Task to complete:
Transcribe every entry word for word. Skip the pictures.
Top of Record excerpts
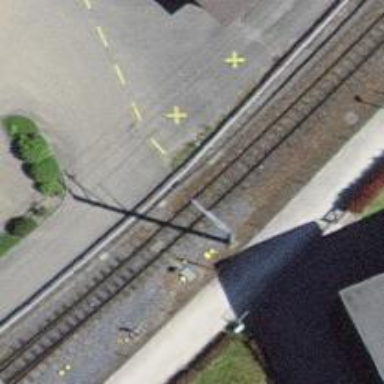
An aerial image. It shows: Railway switch.
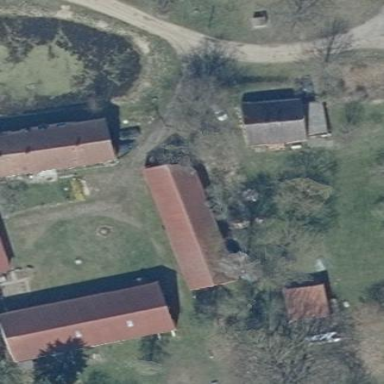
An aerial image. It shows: Farm auxiliary building.
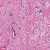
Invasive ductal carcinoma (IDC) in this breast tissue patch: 0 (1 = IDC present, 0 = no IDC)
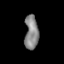
Tissue: skin
Cell type: Epithelial cells
Senescence score: 0.2289
Nuclear area (px): 454
Mean DAPI intensity: 134.645
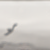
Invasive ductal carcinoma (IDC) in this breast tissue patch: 0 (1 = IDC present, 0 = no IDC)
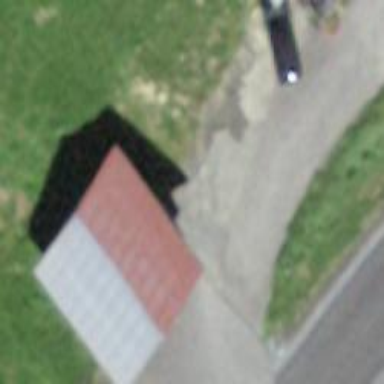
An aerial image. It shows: Charging station.
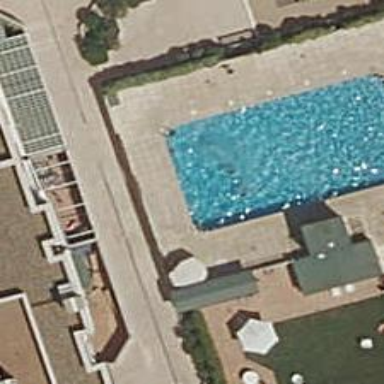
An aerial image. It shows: Swimming pool located in leisure land.
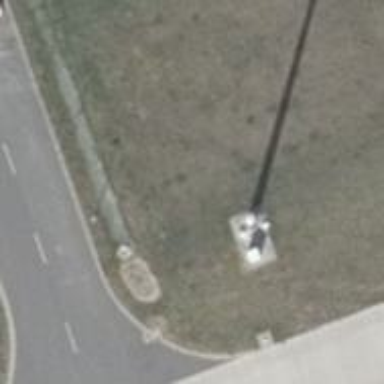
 serving as support for floodlight lamps."
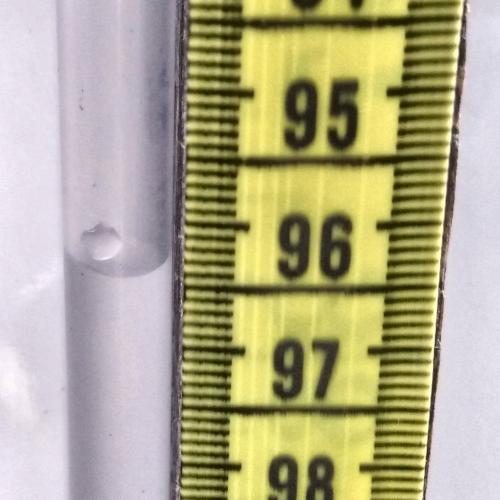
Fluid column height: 96.3 cm
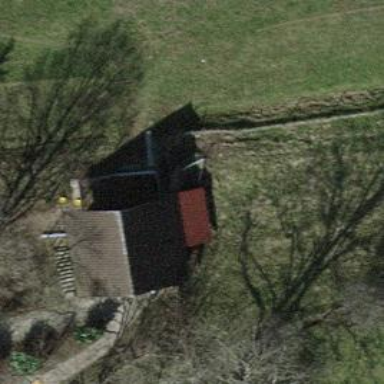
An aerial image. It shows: Fence.
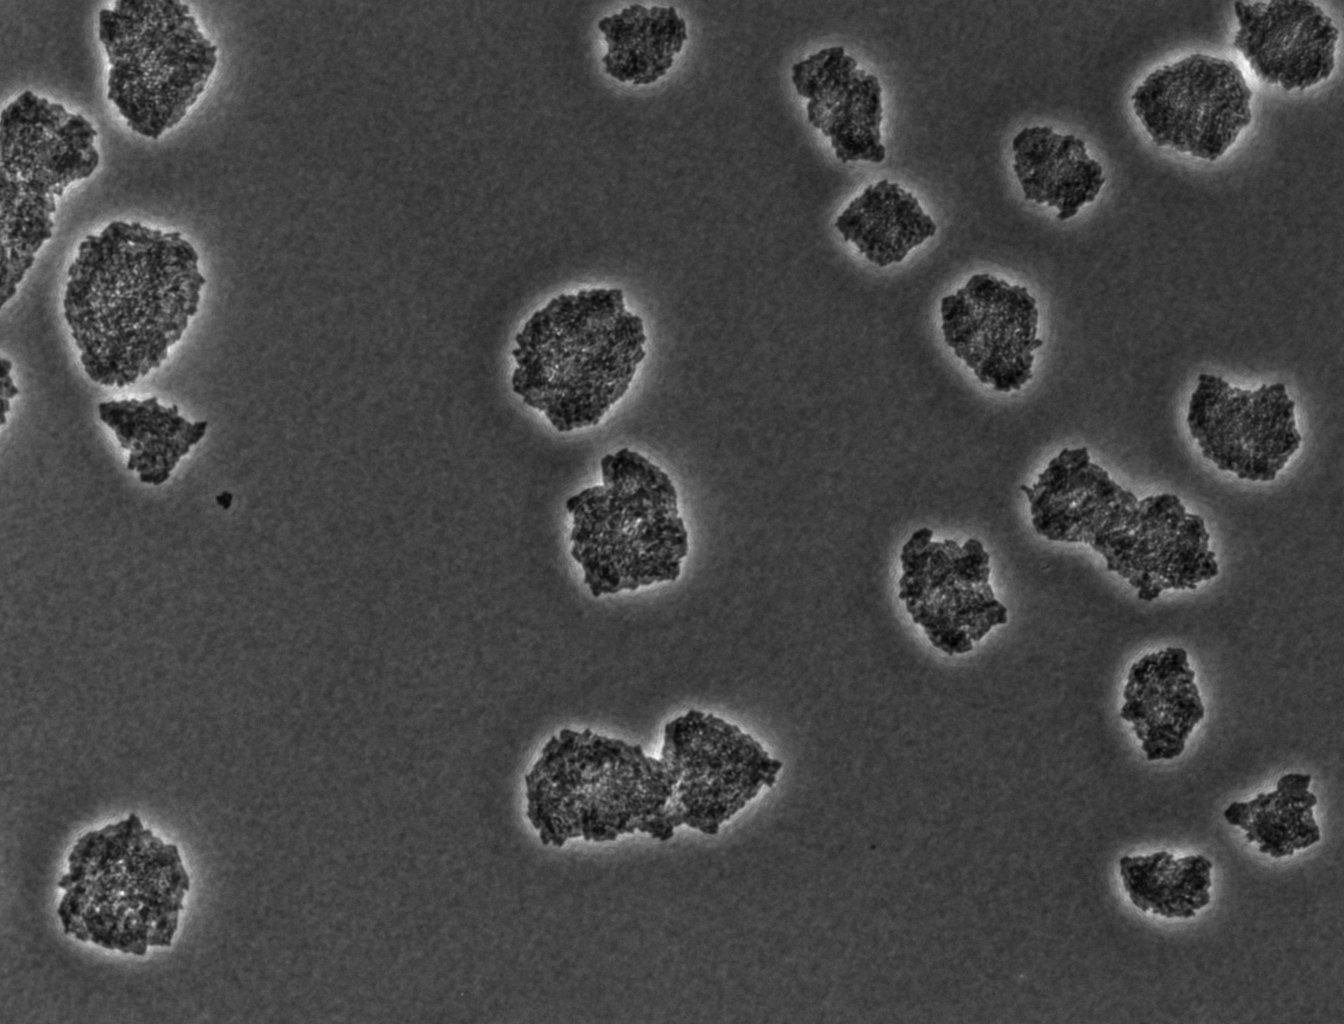
Phase contrast microscopy, 20x objective, 5 h incubation
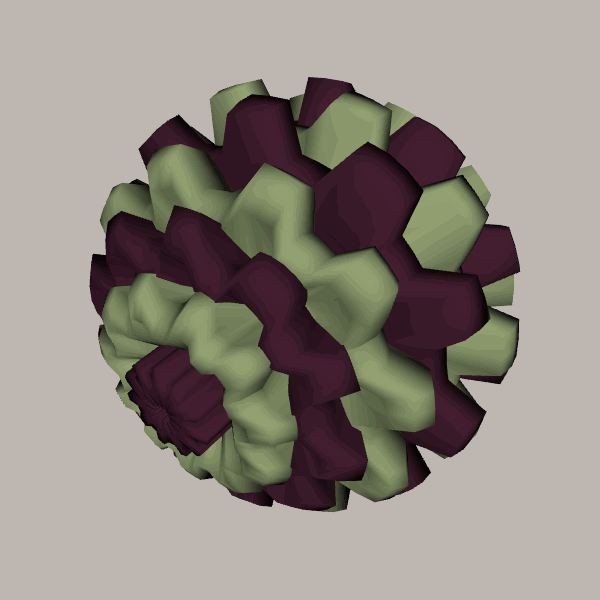
Background: light
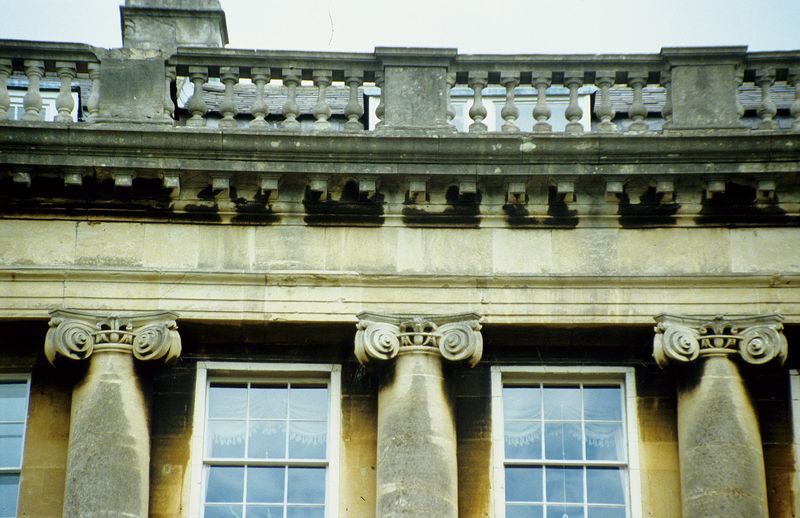
Titel: Gebälkzone
Künstler: John d.J. Wood
Standort: Bath
Institution: Royal Crescent
Schlagwörter: himmel, schatten, gelb, ocker, ausschnitt, braun, fenster, glas, grau, pfeiler, säule, säulen, dach, gebäude, haus, schloss, alt, architektur, stein, vorhang, spiegelung, brüstung, drei, klassizismus, england, front, rokoko, schornstein, balkon, relief, terrasse, farbig, fassade, mauer, vorsprung, gardine, gardinen, vorhänge, detail, symmetrie, geländer, foto, fotografie, sprossen, palast, balustrade, architrav, kapitelle, kapitell, fries, aussenansicht, sims, gesims, quader, voluten, sandstein, mauern, residenz, ionisch, ionische säulen, nymphenburg, schaft, bau, verzierungen, klassisch, palace, kapitel, gebälk, versailles, hausfront, schäfte, traufe, gesimse, zahnschnitt, balluster, halbsäulen, baluster, traufgesims, amalienburg, kapitellen, blenheim, gardnie, sansdtein, terssae, zahnschnittt
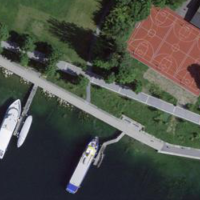
EUNIS habitat code: 53
Species observed at this site:
Corvus corone
Podiceps cristatus
Cyanistes caeruleus
Fulica atra
Anas platyrhynchos
Chloris chloris
Aix sponsa
Fringilla coelebs
Passer domesticus
Coloeus monedula
Carduelis carduelis
Turdus merula
Phalacrocorax carbo
Larus michahellis
Cygnus olor
Mareca strepera
Parus major
Milvus milvus
Phoenicurus ochruros
Anser anser
Columba livia
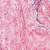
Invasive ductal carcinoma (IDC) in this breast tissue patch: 0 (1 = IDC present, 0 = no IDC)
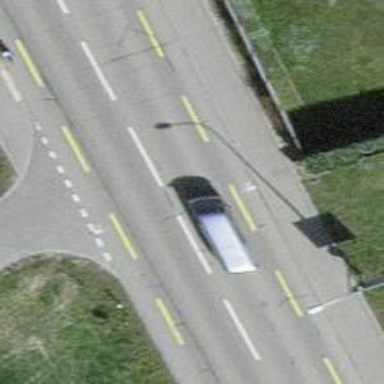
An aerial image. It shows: Primary highway with asphalt surface and designated cycle lane.
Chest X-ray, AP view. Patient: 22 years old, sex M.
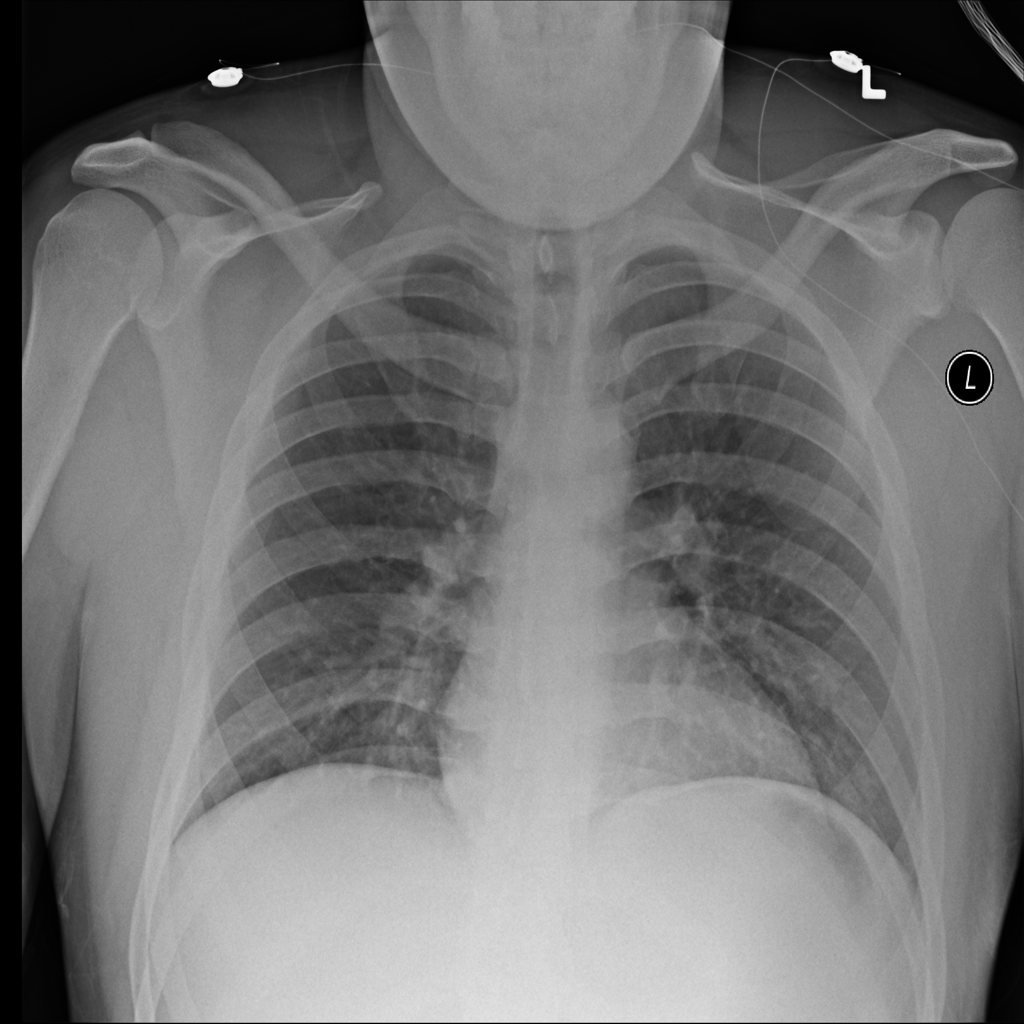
Bottom of Record excerpts
Task solution:
An aerial image. It shows: Railway switch.
An aerial image. It shows: Farm auxiliary building.
Invasive ductal carcinoma (IDC) in this breast tissue patch: 0 (1 = IDC present, 0 = no IDC)
Tissue: skin
Cell type: Epithelial cells
Senescence score: 0.2289
Nuclear area (px): 454
Mean DAPI intensity: 134.645
Invasive ductal carcinoma (IDC) in this breast tissue patch: 0 (1 = IDC present, 0 = no IDC)
An aerial image. It shows: Charging station.
An aerial image. It shows: Swimming pool located in leisure land.
 serving as support for floodlight lamps."
Fluid column height: 96.3 cm
An aerial image. It shows: Fence.
Phase contrast microscopy, 20x objective, 5 h incubation
Background: light
Titel: Gebälkzone
Künstler: John d.J. Wood
Standort: Bath
Institution: Royal Crescent
Schlagwörter: himmel, schatten, gelb, ocker, ausschnitt, braun, fenster, glas, grau, pfeiler, säule, säulen, dach, gebäude, haus, schloss, alt, architektur, stein, vorhang, spiegelung, brüstung, drei, klassizismus, england, front, rokoko, schornstein, balkon, relief, terrasse, farbig, fassade, mauer, vorsprung, gardine, gardinen, vorhänge, detail, symmetrie, geländer, foto, fotografie, sprossen, palast, balustrade, architrav, kapitelle, kapitell, fries, aussenansicht, sims, gesims, quader, voluten, sandstein, mauern, residenz, ionisch, ionische säulen, nymphenburg, schaft, bau, verzierungen, klassisch, palace, kapitel, gebälk, versailles, hausfront, schäfte, traufe, gesimse, zahnschnitt, balluster, halbsäulen, baluster, traufgesims, amalienburg, kapitellen, blenheim, gardnie, sansdtein, terssae, zahnschnittt
EUNIS habitat code: 53
Species observed at this site:
Corvus corone
Podiceps cristatus
Cyanistes caeruleus
Fulica atra
Anas platyrhynchos
Chloris chloris
Aix sponsa
Fringilla coelebs
Passer domesticus
Coloeus monedula
Carduelis carduelis
Turdus merula
Phalacrocorax carbo
Larus michahellis
Cygnus olor
Mareca strepera
Parus major
Milvus milvus
Phoenicurus ochruros
Anser anser
Columba livia
Invasive ductal carcinoma (IDC) in this breast tissue patch: 0 (1 = IDC present, 0 = no IDC)
An aerial image. It shows: Primary highway with asphalt surface and designated cycle lane.
Chest X-ray, AP view. Patient: 22 years old, sex M.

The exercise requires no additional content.